*What is required*:
Leave out the pictures and retype exactly the lines from the one with "Frame at 3.5 s after image 1." through the end of the records.

### Source information

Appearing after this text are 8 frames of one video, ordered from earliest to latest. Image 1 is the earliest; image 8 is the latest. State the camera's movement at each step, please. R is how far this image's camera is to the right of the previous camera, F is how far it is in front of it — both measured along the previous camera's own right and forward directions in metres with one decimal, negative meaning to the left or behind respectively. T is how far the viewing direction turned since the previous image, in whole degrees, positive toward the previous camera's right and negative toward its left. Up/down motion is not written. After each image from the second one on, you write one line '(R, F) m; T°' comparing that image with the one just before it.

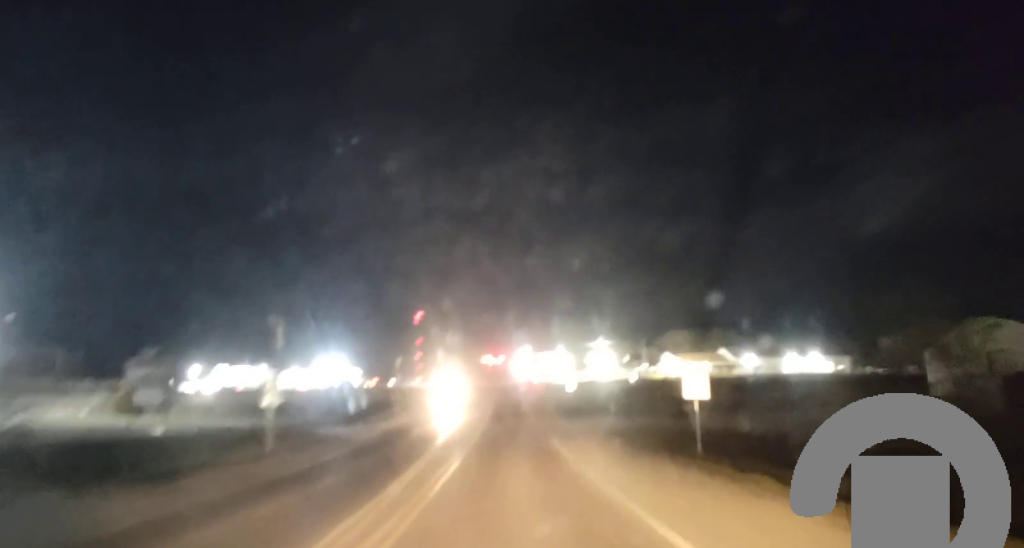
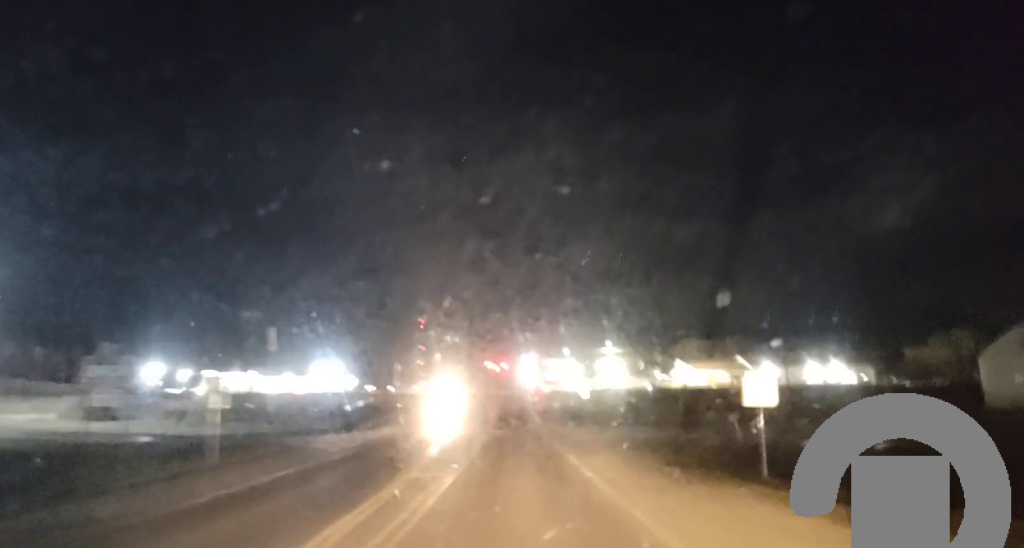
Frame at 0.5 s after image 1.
(0.0, +7.8) m; 0°
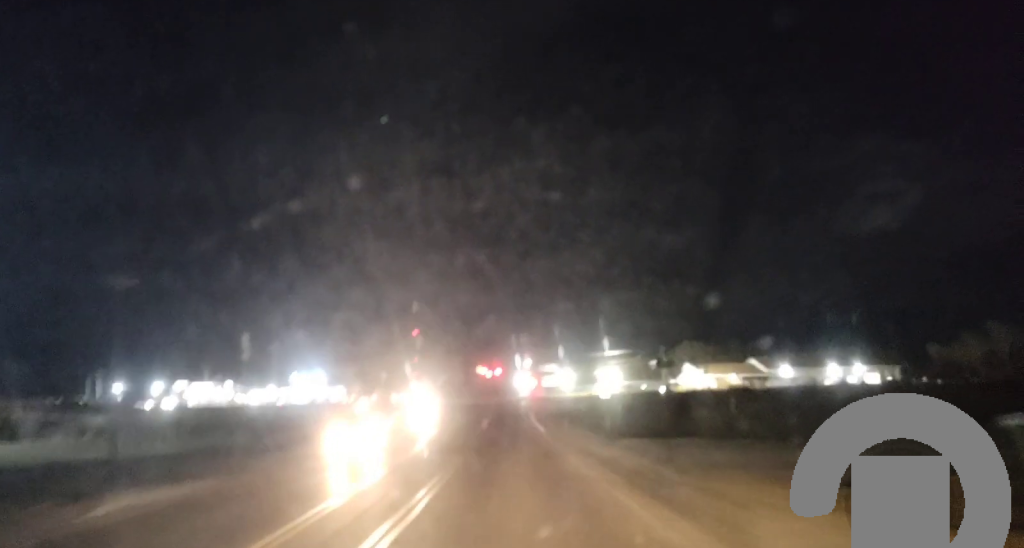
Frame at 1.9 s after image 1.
(-0.1, +21.5) m; 0°
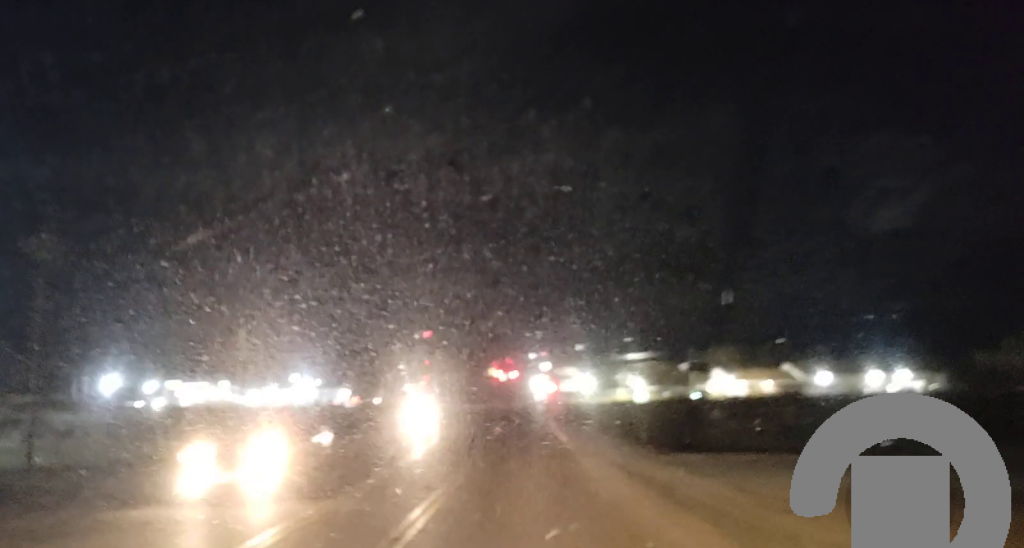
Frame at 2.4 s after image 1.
(-0.1, +7.7) m; +1°
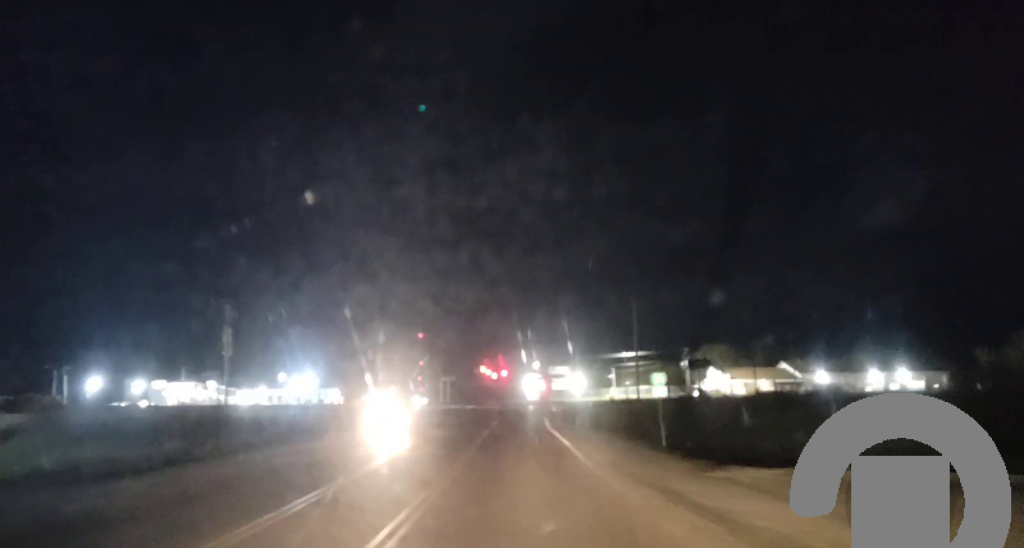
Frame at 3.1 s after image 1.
(+0.3, +9.3) m; +1°
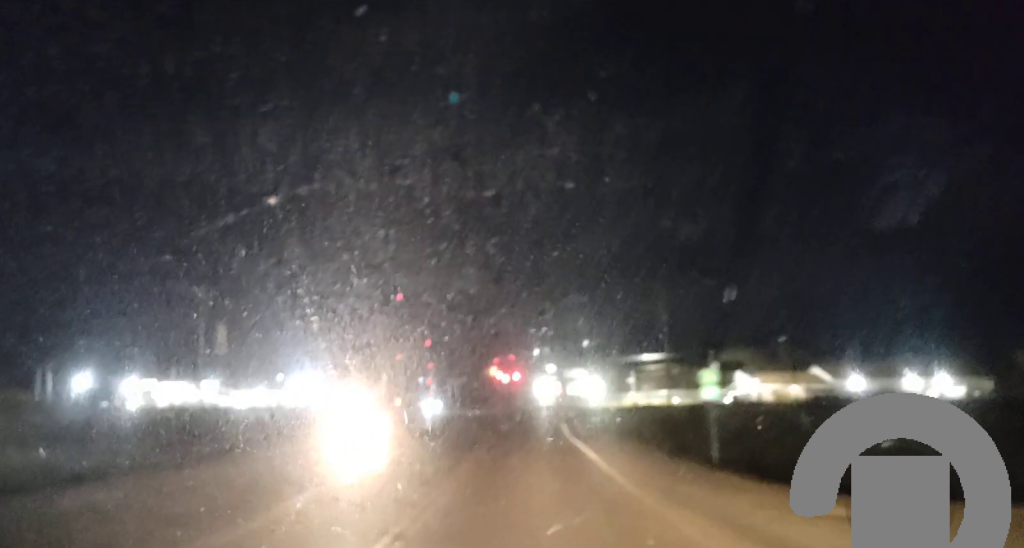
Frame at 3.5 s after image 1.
(+0.1, +6.8) m; 0°
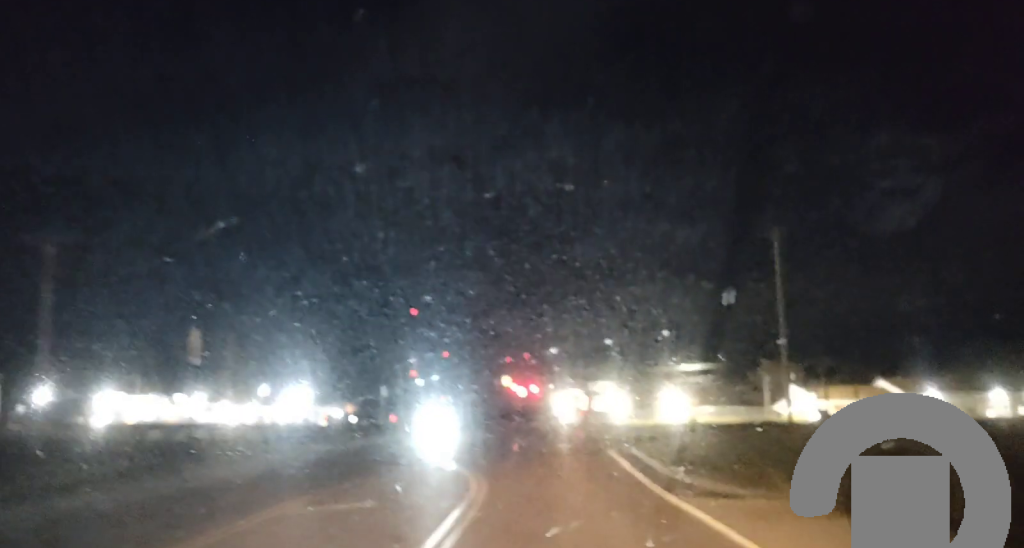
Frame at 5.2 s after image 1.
(-0.9, +24.6) m; -3°
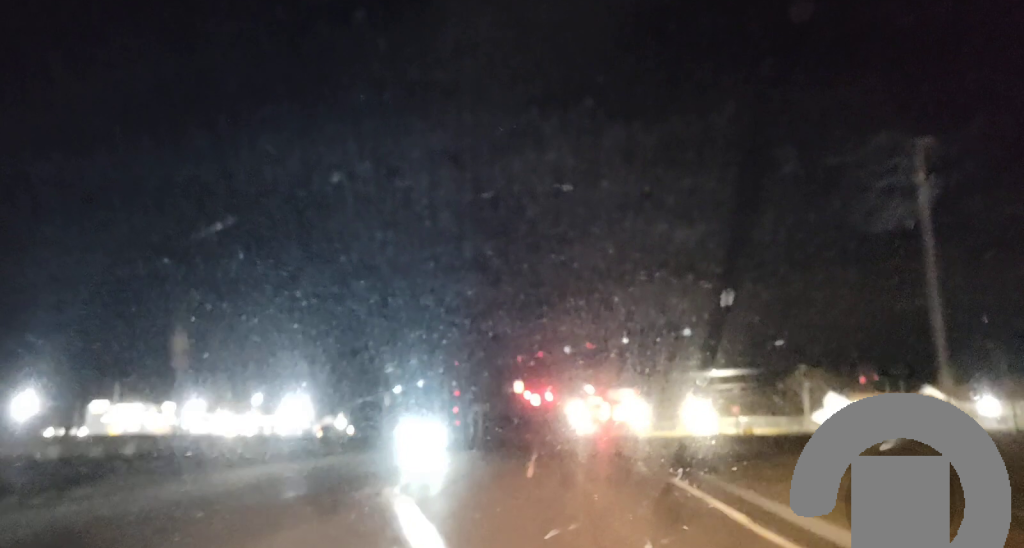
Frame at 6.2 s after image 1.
(0.0, +13.4) m; 0°

######

*Response to this exercise*:
Frame at 3.5 s after image 1.
(+0.1, +6.8) m; 0°
Frame at 5.2 s after image 1.
(-0.9, +24.6) m; -3°
Frame at 6.2 s after image 1.
(0.0, +13.4) m; 0°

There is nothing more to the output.